Clip
The clipping feature leverages the TextTiling algorithm to segment long-form audio content into coherent clips using the transcript. This approach, first conceptualized by Marti A. Hearst in the 1990s, detects shifts in the topics of a piece of content by analyzing word usage and distribution patterns. Thanks to recent advances in NLP, Texttiling with BERT Embeddings provides significant improvements over Texttiling's original formulation and can be readily applied to SoA transcriptions using Whisper. The algorithm segments the text at the granularity of sentences with the entire process focusing on detecting topic shifts rather than topics themselves. This is particularly effective in identifying distinct sections within a narrative and, consequently, clips of varying lengths optimized for short and extended audio content segments.
Usage
The following returns the start and end time of the clips.
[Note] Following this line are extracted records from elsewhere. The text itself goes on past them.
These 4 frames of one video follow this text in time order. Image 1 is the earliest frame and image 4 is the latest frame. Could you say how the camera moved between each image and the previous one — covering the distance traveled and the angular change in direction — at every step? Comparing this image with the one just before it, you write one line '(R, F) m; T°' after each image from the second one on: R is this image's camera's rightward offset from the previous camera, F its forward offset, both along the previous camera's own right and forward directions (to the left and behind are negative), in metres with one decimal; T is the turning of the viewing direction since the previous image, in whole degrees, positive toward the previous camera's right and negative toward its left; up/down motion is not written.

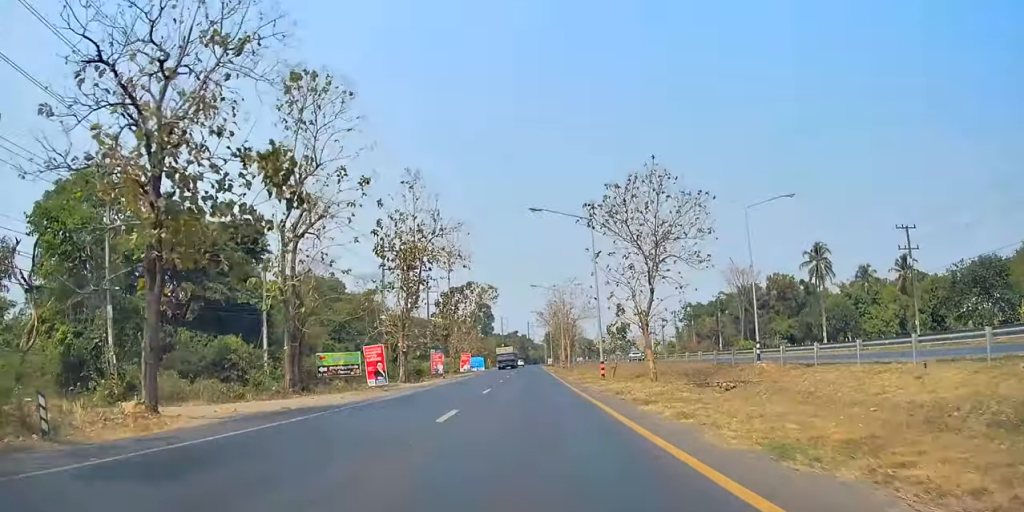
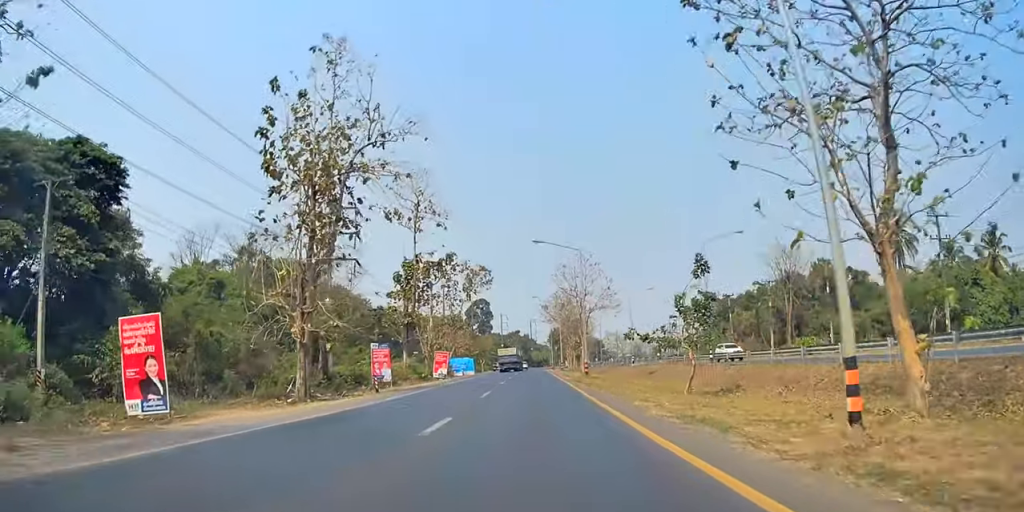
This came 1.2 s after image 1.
(-0.2, +26.1) m; 0°
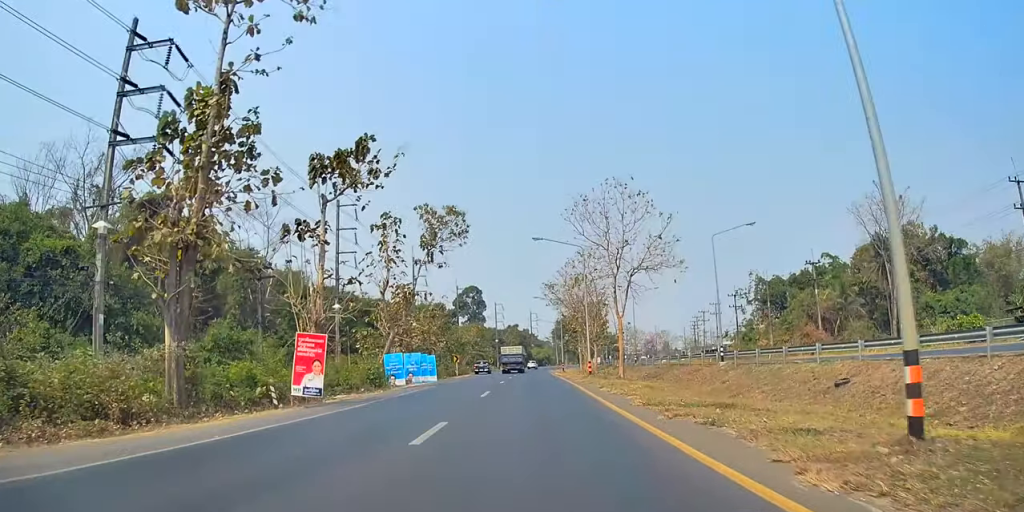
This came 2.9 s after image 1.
(0.0, +39.7) m; -1°
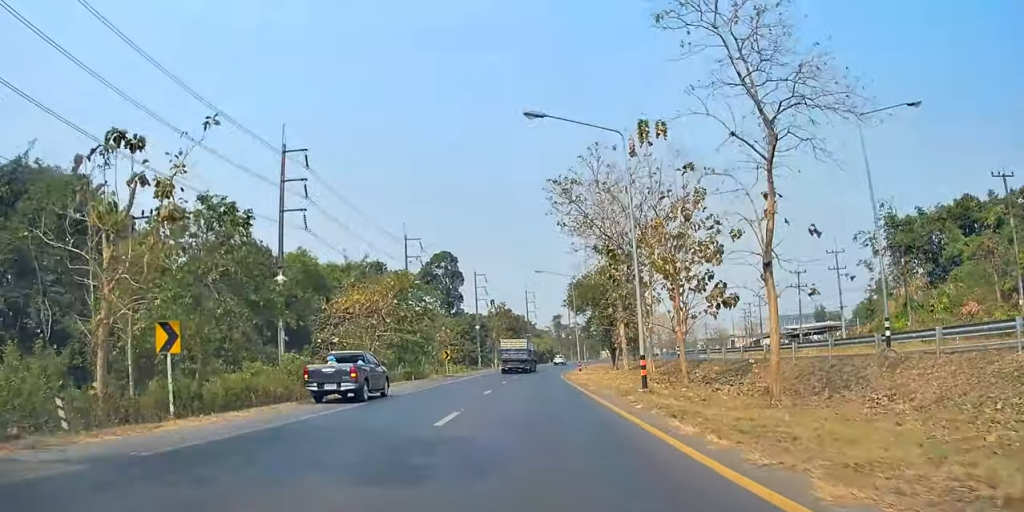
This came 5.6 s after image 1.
(-0.8, +59.1) m; 0°

from clipsai import ClipFinder, Transcriber
transcriber = Transcriber()
transcription = transcriber.transcribe(audio_file_path="/abs/path/to/video.mp4")
clipfinder = ClipFinder()
clips = clipfinder.find_clips(transcription=transcription)
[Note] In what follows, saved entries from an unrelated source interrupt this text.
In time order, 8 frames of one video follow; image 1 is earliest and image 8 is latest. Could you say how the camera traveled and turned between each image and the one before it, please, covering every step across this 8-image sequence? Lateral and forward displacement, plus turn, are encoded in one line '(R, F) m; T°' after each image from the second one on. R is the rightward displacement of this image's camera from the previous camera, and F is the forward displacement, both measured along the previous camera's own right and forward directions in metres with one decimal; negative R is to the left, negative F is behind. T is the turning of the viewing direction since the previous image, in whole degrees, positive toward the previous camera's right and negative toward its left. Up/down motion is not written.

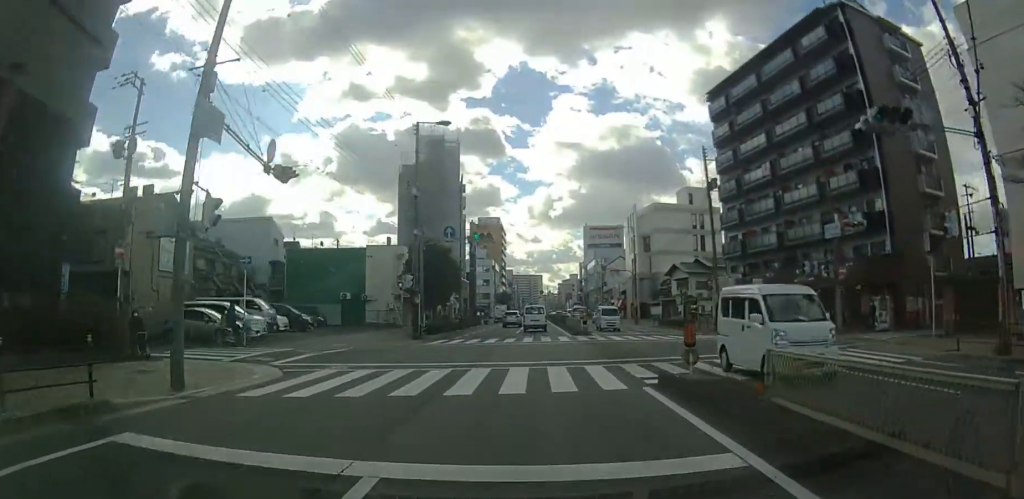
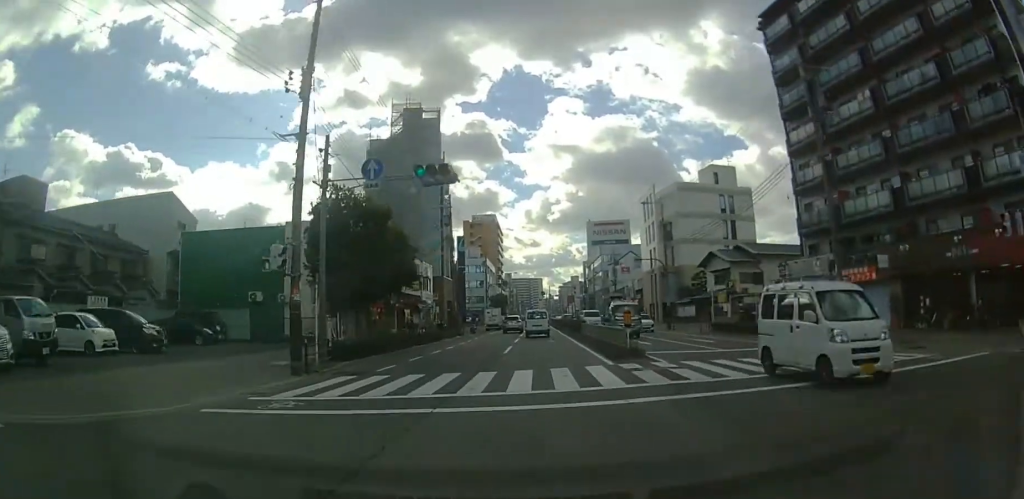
(-0.1, +15.4) m; 0°
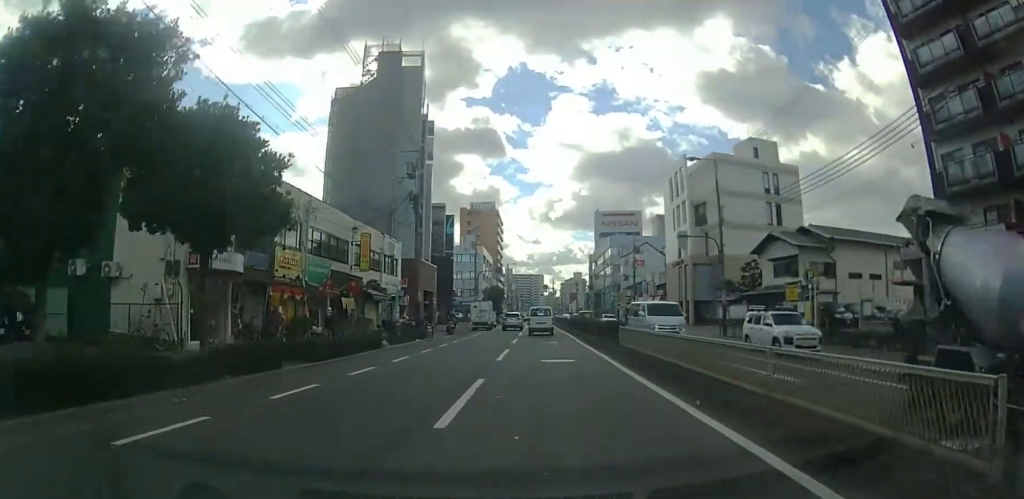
(0.0, +15.3) m; 0°
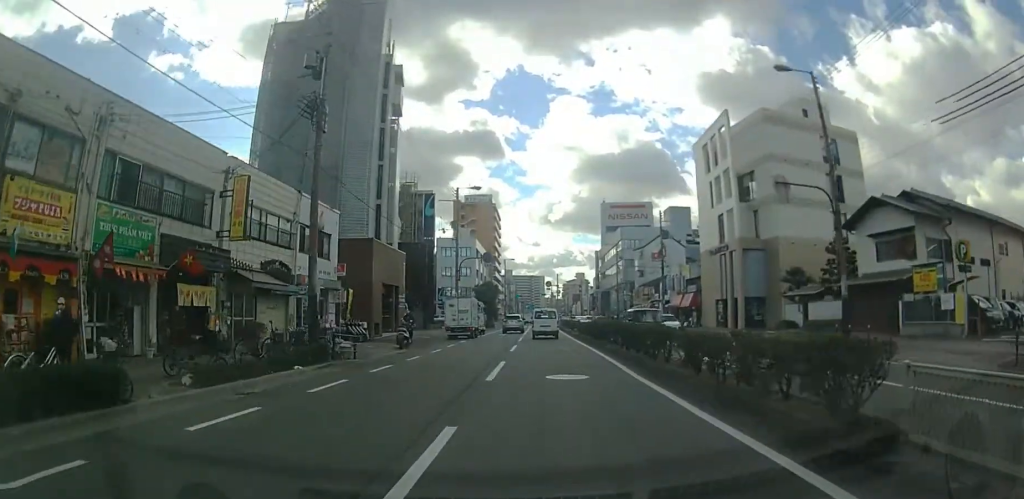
(+0.1, +14.9) m; +1°
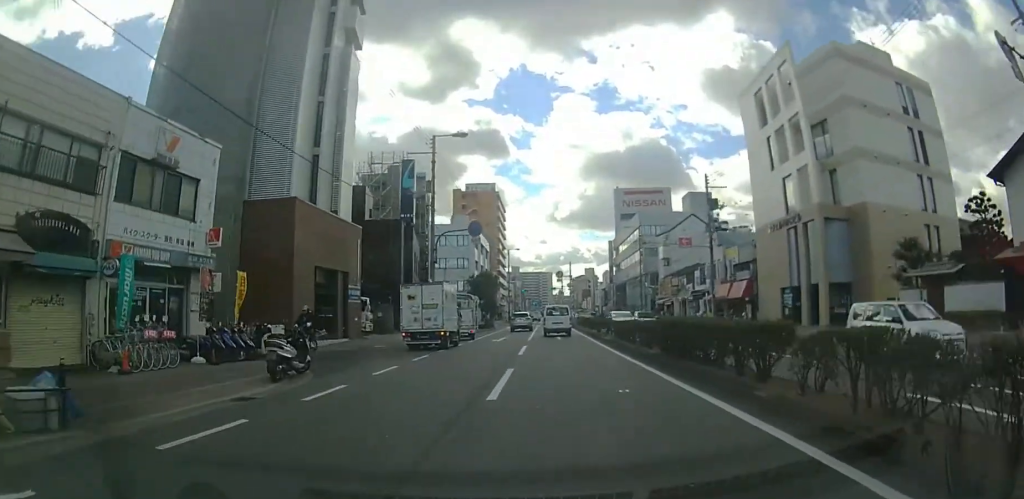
(+0.1, +13.0) m; 0°
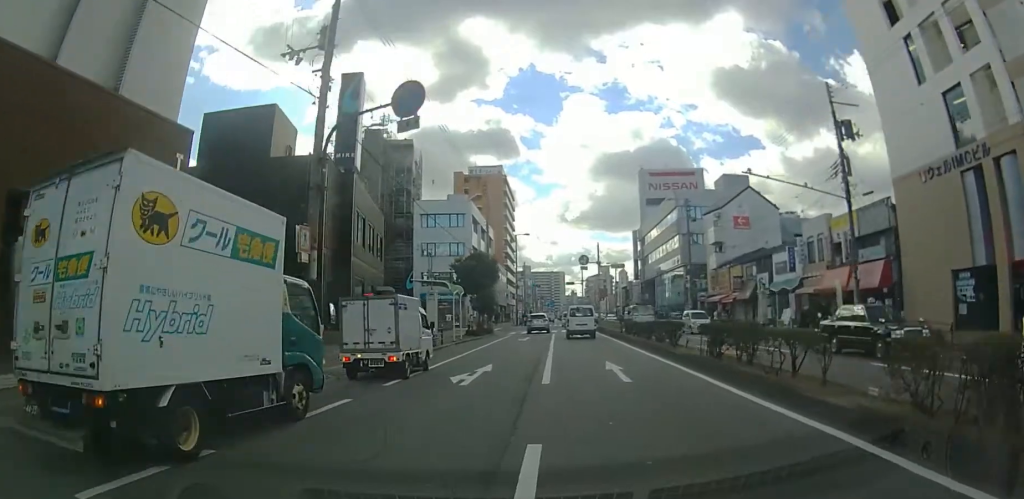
(0.0, +17.7) m; 0°
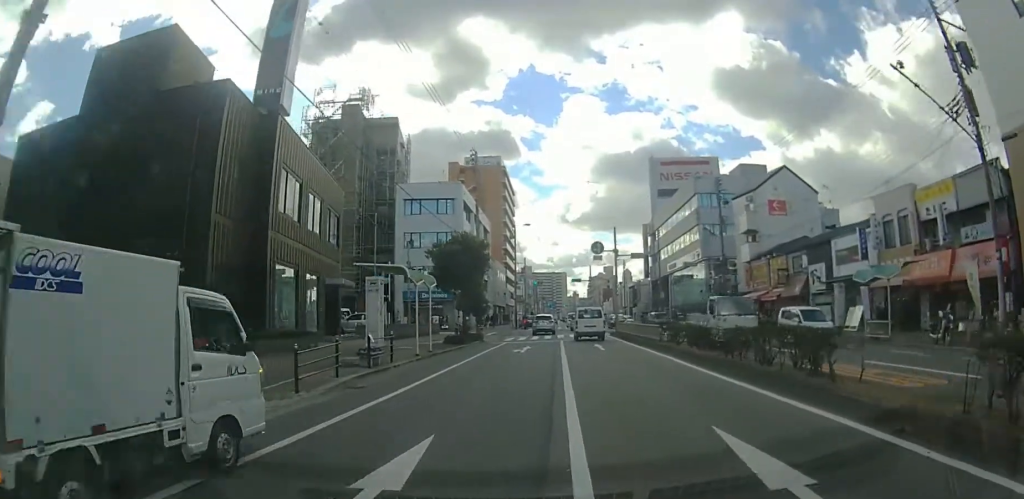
(0.0, +9.5) m; 0°
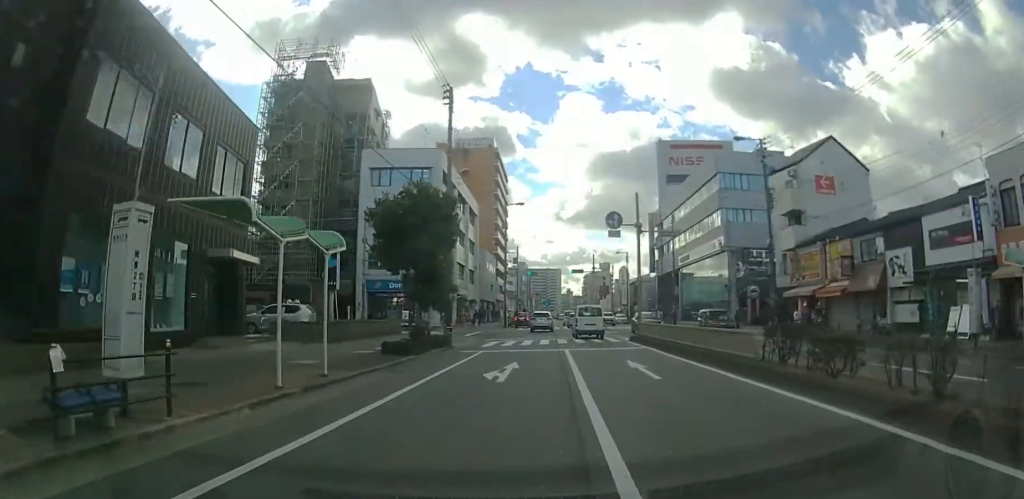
(0.0, +10.0) m; 0°

print("StartTime: ", clips[0].start_time)
print("EndTime: ", clips[0].end_time)
To trim the video using the returned clips
, run the following code.
media_editor = clipsai.MediaEditor()
# use this if the file contains audio stream only
media_file = clipsai.AudioFile("/abs/path/to/audio_only_file.mp4")
# use this if the file contains both audio and video stream
media_file = clipsai.AudioVideoFile("/abs/path/to/video.mp4")
clip = clips[0] # select the clip you'd like to trim
clip_media_file = media_editor.trim(
media_file=media_file,
start_time=clip.start_time,
end_time=clip.end_time,
trimmed_media_file_path="/abs/path/to/clip.mp4", # doesn't exist yet
)
ClipFinder Class
A class for finding engaging clips based on the input transcript.
Methods
- Name
find_clips
- Type
- -> list[Clip]
- Description
Finds clips in an audio file's transcription using the TextTiling Algorithm.
Required Parameters
- Name
- transcriptionTranscription
- Description
The transcription of an audio or video file to find clips from.
Clip Class
Represents a clip of a video or audio file.
Properties
- Name
start_time
- Type
- string
- Description
The start time of the clip in seconds.
- Name
end_time
- Type
- string
- Description
The end time of the clip in seconds.
- Name
start_char
- Type
- string
- Description
The start character in the transcription of the clip.
- Name
end_char
- Type
- string
- Description
The end character in the transcription of the clip.
Methods
- Name
copy
- Type
- -> Clip
- Description
Returns a copy of the Clip instance.
- Name
to_dict
- Type
- -> dict
- Description
Returns a dictionary representation of the clip.